Deborah was still alive. Thank God. “Is she well?”

“She is, and she asked about you, or I would never have recognized her.”

“Where is she?”

“John Ross’s shop, on Mulberry Street, between Second and Third, close to the waterfront. His wife Betsy is a Friend, but also a friend to liberty, like you.” Paine turned toward the door. “I have to go report to General Greene. Philadelphia is ready to quit the fight, if we don’t do something
to change their hearts at once. But I wanted to find you and let you know Deborah was well and asking after you.”

“You’ve done me a greater favor than you know,” Proctor said.

“As you did for me,” Paine replied. He dashed out the door as fast as he’d entered it, forgetting to close it as he left.

Alex stood there rubbing her arm. “You didn’t have to hold me so tight,” she said.

“I’m sorry,” he said. It felt like the only thing he had said to her since she arrived.

“You were very worried about Deborah,” Alex said. “You didn’t even know where she was.”

“No, I didn’t,” he admitted.

“Do you think she can break the curse on my brothers? I don’t want to see them hurt by this.

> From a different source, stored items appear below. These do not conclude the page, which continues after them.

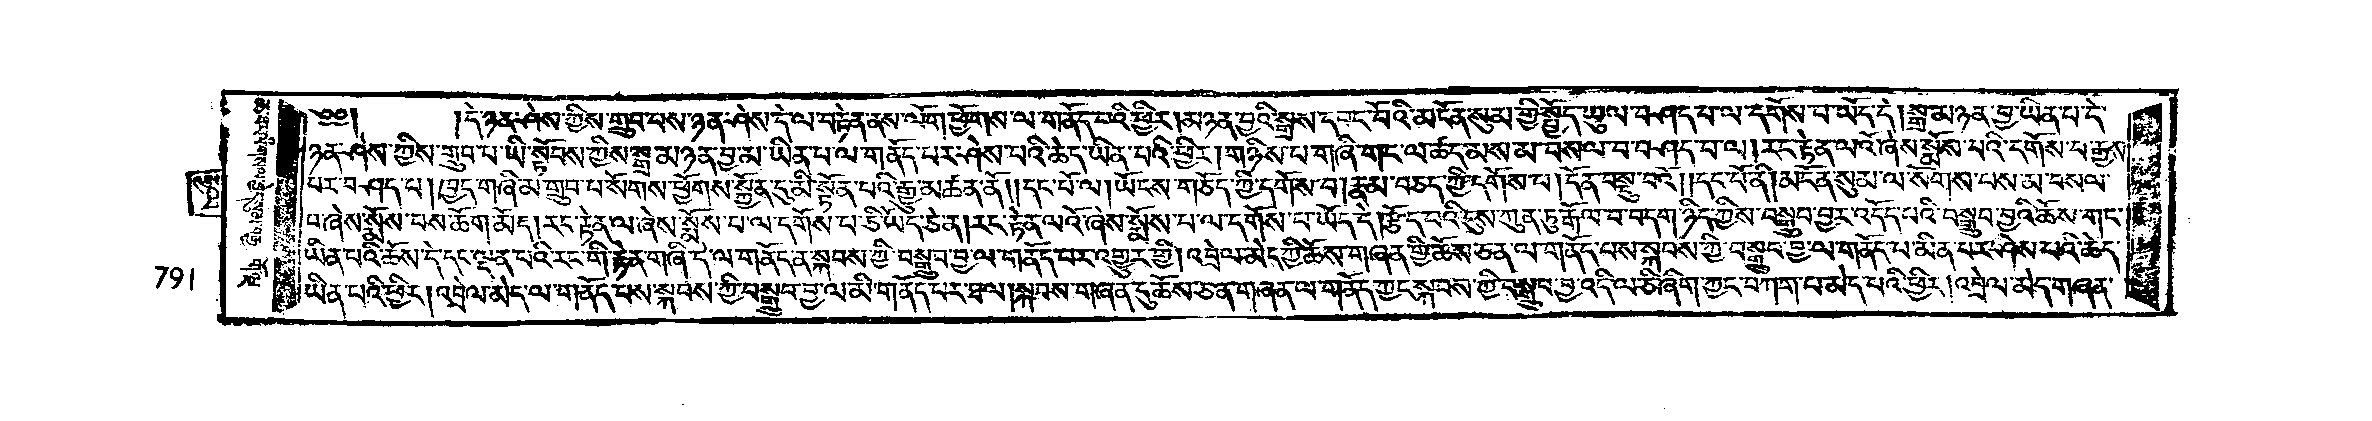༄༅། །དེ་ཉན་ཤེས་ཀྱིས་གྲུབ་པས་ཉན་ཤེས་དེ་ལ་བརྟེན་ནས་ལོག་ཕྱོགས་ལ་གནོད་པའི་ཕྱིར། མཉན་བྱའི་སྒྲས་དབང་པོའི་མངོན་སུམ་གྱི་སྤྱོད་ཡུལ་བཤད་པ་ལ་དགོས་པ་ཡོད་དེ། སྒྲ་མཉན་བྱ་ཡིན་པ་དོན་
ཉན་ཤེས་ཀྱིས་གྲུབ་པ་ཡི་སྟོབས་ཀྱིས་སྒྲ་མཉན་བྱ་མ་ཡིན་པ་ལ་གནོད་པར་ཤེས་པའི་ཆེད་ཡིན་པའི་ཕྱིར། གཉིས་པ་གཞི་གང་ལ་ཚད་མས་མ་བསལ་བ་བཤད་པ་ལ། རང་རྟེན་ལའོ་ཞེས་སྨོས་པའི་དགོས་པ་རྒྱས་
པར་བཤད་པ། ཁྱད་གཞི་མ་གྲུབ་པ་སོགས་ཕྱོགས་སྐྱོན་དུ་མི་སྟོན་པའི་རྒྱུ་མཚན་ནོ། །དང་པོ་ལ། ཡོངས་གཅོད་ཀྱི་དགོས་བ། རྣམ་བཅད་ཀྱི་དགོས་པ། དོན་བསྡུ་བའོ། །དང་པོ་ནི། མངོན་སུམ་ལ་སོགས་པས་མ་བསལ་
པ་ཞེས་སྨོས་པས་ཆོག་མོད། རང་རྟེན་ལ་ཞེས་སྨོས་པ་ལ་དགོས་པ་ཅི་ཡོད་ཅེ་ན། རང་རྟེན་ལའོ་ཞེས་སྨོས་པ་ལ་དགོས་པ་ཡོད་དེ། རྩོད་པའི་དུམ་ཀུན་ཏུ་རྒོལ་བ་བདག་ཉིད་ཀྱིས་བསྒྲུབ་བྱར་འདོད་པའི་བསྒྲུབ་བྱའི་ཆོས་གང་
ཡིན་པའི་ཆོས་དེ་དང་ལྡན་པའི་རང་གི་རྟེན་གཞི་དེ་ལ་གནོད་ན་སྐབས་ཀྱི་བསྒྲུབ་བྱ་ལ་གནོད་པར་འགྱུར་གྱི། འབྲེལ་མེད་ཀྱི་ཆོས་གཞན་གྱི་ཆོས་ཅན་ལ་གནོད་པས་སྐབས་ཀྱི་བསྒྲུབ་བྱ་ལ་གནོད་པ་མིན་པར་ཤེས་པའི་ཚེད་
ཡིན་པའི་ཕྱིར། འབྲེལ་མེད་ལ་གནོད་པས་སྐབས་ཀྱི་བསྒྲུབ་བྱ་ལ་མི་གནོད་པར་ཐལ། སྐབས་གཞན་དུ་ཆོས་ཅན་གཞན་ལ་གནོད་ཀྱང་སྐབས་ཀྱི་བསྒྲུབ་བྱ་འདི་ལ་ཅི་ཞིག་ཀྱང་བཀག་པ་མེད་པའི་ཕྱིར། འབྲེལ་མེད་གཞན་
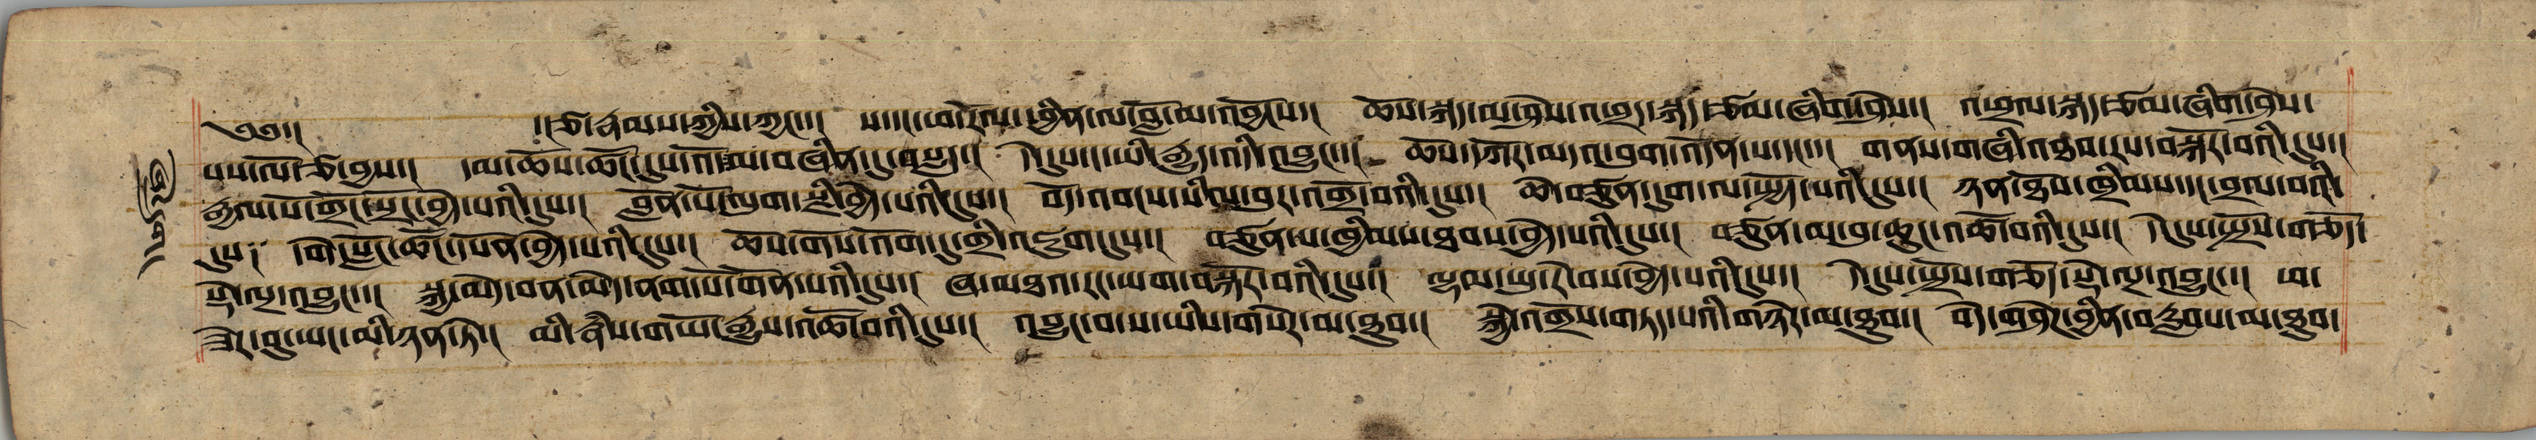༄༅་། ་།ཙ་རྣམས་ཀྱིས་ཀྱང་་། ས་དང་ཕ་རོལ་ཕྱིན་ལ་བློ་མ་འབྱོངས་། ཆོས་སྐད་མ་ཤེས་འཕྲད་སྐད་ཙམ་ཞིག་ཤེས་། འཕྲལ་སྐད་ཙམ་ཞིག་ཤེས་
པས་ལོ་ཙ་བྱས་། དམ་ཆོས་ཚོང་དུས་འོ་མ་བཞིན་དུ་བསླད་། དེ་དུས་ང་ཡི་རྒྱུད་འདི་འབྱུང་་། ཆོས་དཀར་མདའ་བུག་འདོན་པ་དང་་། གནས་གཞི་འཐབ་རས་བསྐོར་བའི་དུས་།
རྒྱལ་པོ་གྲོང་སྲོང་བྱེད་པའི་དུས་། བློན་པོ་ལུག་སྫི་བྱེད་པའི་དུས་། བོད་འབངས་སིལ་བུར་འགྲོ་བའི་དུས་། ཆེ་བཙུན་དུག་ལ་སྤྱོད་པའི་དུས་། ཉན་ཐོས་ཁྲིམས་དང་བྲལ་བའི་
དུས༑ དགེ་སློང་ཚོང་དཔོན་བྱེད་པའི་དུས་། ཆོས་གོས་འོག་དུ་གྲི་འཇུག་དུས་། བཙུན་པ་ཁྱིམས་ཐབས་བྱེད་པའི་དུས་། བཙུན་མ་བུ་ཆུང་འཚོ་བའི་དུས་། དེ་དུས་སྤྲོས་གཅོད་
སྡེ་ལྔ་འབྱུང་་། སྐྱ་མེད་བན་མེད་ནག་པོ་གོན་པའི་དུས་། ཞ་མཐའ་རང་ཡག་བསྐོར་བའི་དུས་། ལྷམ་ཡུ་རེ་བས་བྱེད་པའི་དུས་། དེ་དུས་སྤྲོས་གཅོད་སྡེ་ལྔ་འབྱུང་། ཕ་
ཟེར་བུ་ཡང་མི་ཉན་ཏེ་། མི་རྣཾས་གཡོ་རྒྱུས་འཚོ་བའི་དུས་། འབྱུང་བ་ས་ཡིས་གསེར་མ་ཐུབ་། སྐྱེ་འགྲོས་གཏད་པའི་གཉེར་མ་ཐུབ་། བདེ་གཤེཌ་བྱིན་བརླབས་མ་ཐུབ་
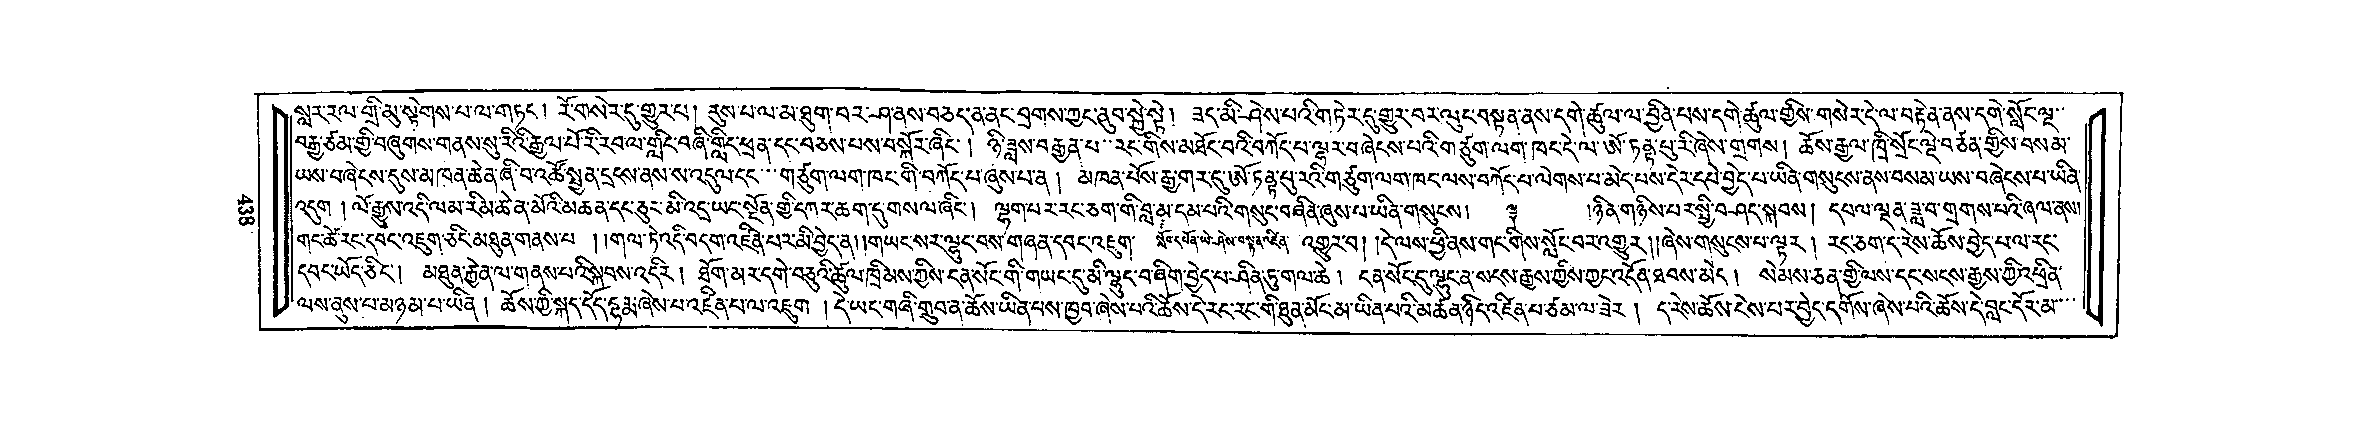སླར་རལ་གྲི་མུ་སྟེགས་པ་ལ་གཏང་། རོ་གསེར་དུ་གྱུར་པ། རུས་པ་ལ་མ་ཐུག་བར་ཤ་ནས་བཅད་ན་ནང་བྲགས་ཀྱང་ནུབ་སྐྱེ་སྟེ། ཟད་མི་ཤེས་པའི་གཏེར་དུ་གྱུར་བར་ལུང་བསྟན་ནས་དགེ་ཚུལ་ལ་བྱིན་པས་དགེ་ཚུལ་གྱིས་གསེར་དེ་ལ་བརྟེན་ནས་དགེ་སློང་ལྔ་
བརྒྱ་ཙམ་གྱི་བཞུགས་གནས་སུ་རིའི་རྒྱལ་པོ་རི་རབ་ལ་གླིང་བཞི་གླིང་ཕྲན་དང་བཅས་པས་བསྐོར་ཞིང་། ཉི་ཟླས་བརྒྱན་པ་རང་གིས་མཐོང་བའི་བཀོད་པ་ལྷར་བཞེངས་པའི་གཙུག་ལག་ཁང་དེ་ལ་ཨོ་ཏནྟ་པུ་རི་ཞེས་གྲགས། ཆོས་རྒྱལ་ཁྲི་སྲོང་ལྡེ་བཙན་གྱིས་བསམ་
ཡས་བཞེངས་དུས་མཁན་ཆེན་ཞི་བ་འཚོ་སྤྱན་དྲངས་ནས་ས་འདུལ་དང་གཙུག་ལག་ཁང་གི་བཀོད་པ་ཞུས་པ་ན། མཁན་པོས་རྒྱ་གར་དུ་ཨོ་ཏནྟ་པུ་རའི་གཙུག་ལག་ཁང་ལས་བཀོད་པ་ལེགས་པ་མེད་པས་དེར་དཔེ་བྱེད་པ་ཡིན་གསུངས་ནས་བསམ་ཡས་བཞེངས་པ་ཡིན་
འདུག །ལོ་རྒྱུས་འདི་ལམ་རིམ་ཆེན་མོའི་མཆན་དང་ཅུང་མི་འདྲ་ཡང་སྔོན་གྱི་དཀར་ཆག་དུ་གསལ་ཞིང་། ལྷག་པར་རང་ཅག་གི་བླ་མ་དམ་པའི་གསུང་བཞིན་ཞུས་པ་ཡིན་གསུངས། ༈ །ཉིན་གཉིས་པར་སྤྱི་བཤད་སྐབས། དཔལ་ལྡན་ཟླ་བ་གྲགས་པའི་ཞལ་ནས་
གང་ཚེ་རང་དབང་འཇུག་ཅིང་མཐུན་གནས་པ། །གལ་ཏེ་འདི་བདག་འཛིན་པར་མི་བྱེད་ན། །གཡང་སར་ལྷུང་བས་གཞན་དབང་འཇུག་འགྱུར་བ། །དེ་ལས་ཕྱི་ནས་གང་གིས་སློང་བར་འགྱུར། །ཞེས་གསུངས་པ་ལྟར། རང་ཅག་ད་རེས་ཆོས་བྱེད་པ་ལ་རང་
དབང་ཡོད་ཅིང་། མཐུན་རྐྱེན་ལ་གནས་པའི་སྐབས་འདིར། ཐོག་མར་དགེ་བཅུའི་ཚུལ་ཁྲིམས་ཀྱིས་ངན་སོང་གི་གཡང་དུ་མི་ལྷུང་བ་ཞིག་བྱེད་པ་ཤིན་ཏུ་གལ་ཆེ། ངན་སོང་དུ་ལྷུང་ན་སངས་རྒྱས་ཀྱིས་ཀྱང་འདོན་ཐབས་མེད། སེམས་ཅན་གྱི་ལས་དང་སངས་རྒྱས་ཀྱི་འཕྲིན་
ལས་ནུས་པ་མཉམ་པ་ཡིན། ཆོས་ཀྱི་སྐད་དོད་དྷ་རྨ་ཞེས་པ་འཛིན་པ་ལ་འཇུག །དེ་ཡང་གཞི་གྲུབ་ན་ཆོས་ཡིན་པས་ཁྱབ་ཞེས་པའི་ཆོས་དེ་རང་རང་གི་ཐུན་མོང་མ་ཡིན་པའི་མཚན་ཉིད་འཛིན་པ་ཙམ་ལ་ཟེར། ད་རེས་ཆོས་ངེས་པར་བྱེད་དགོས་ཞེས་པའི་ཆོས་དེ་བླང་དོར་མ་

They’re all the family I have left.”

“If anyone can help them, it’s Deborah.”

“She’ll have to do it without me,” Alex said. “I’ll go with you to find her, but I won’t touch the talent again, not for anything.”

“Not even if it touches you?”

She didn’t answer that.

Proctor looked out the window at the sky. They could travel for a couple of hours yet tonight, be halfway there by morning. He grabbed his bag from under the table and slung it over his shoulder. “Do you need to tell your brothers that you’re going?”

“If I do, they won’t let me go,” she said. “Not without explaining, and I don’t think I want to explain the curse to them. So the sooner we leave, the better.”

He nodded. “If you meet me at the edge of camp, just past the smithy, in half an hour’s time, I’ll have supplies and a horse. Can you ride double?”

“If you’ve got a horse that will carry us,” she said. “If
you don’t, I’ve walked a few hundred miles already. I can walk a few more.”

“It might come to that,” he admitted. Two horses would be impossible, and even one might be difficult. It made him wish for Singer, who’d been so indefatigable on the trip to Virginia and whom he’d left behind in Massachusetts.

Looking either direction to make sure she wasn’t seen, Alex stepped out the door and dodged behind the next house. Proctor watched to make sure she was headed in the right direction before he followed her.

The air was cold and dry on his lungs as he stepped outside, and he squinted against the bite of the wind and the brightness of the sun on the snow. He stopped by stores and talked the quartermaster’s aide into giving him a few extra measures of biscuit and salted meat. “We’re short of couriers, so we’re taking important letters to Philadelphia.”

“What about the regular couriers?” the quartermaster asked. “They just left this morning.”

“It’s a critical letter, and can’t wait until tomorrow,” Proctor said. He was thinking about a spell he might use to persuade the quartermaster’s aide, but the man recognized his face from Washington’s headquarters and served out the supplies.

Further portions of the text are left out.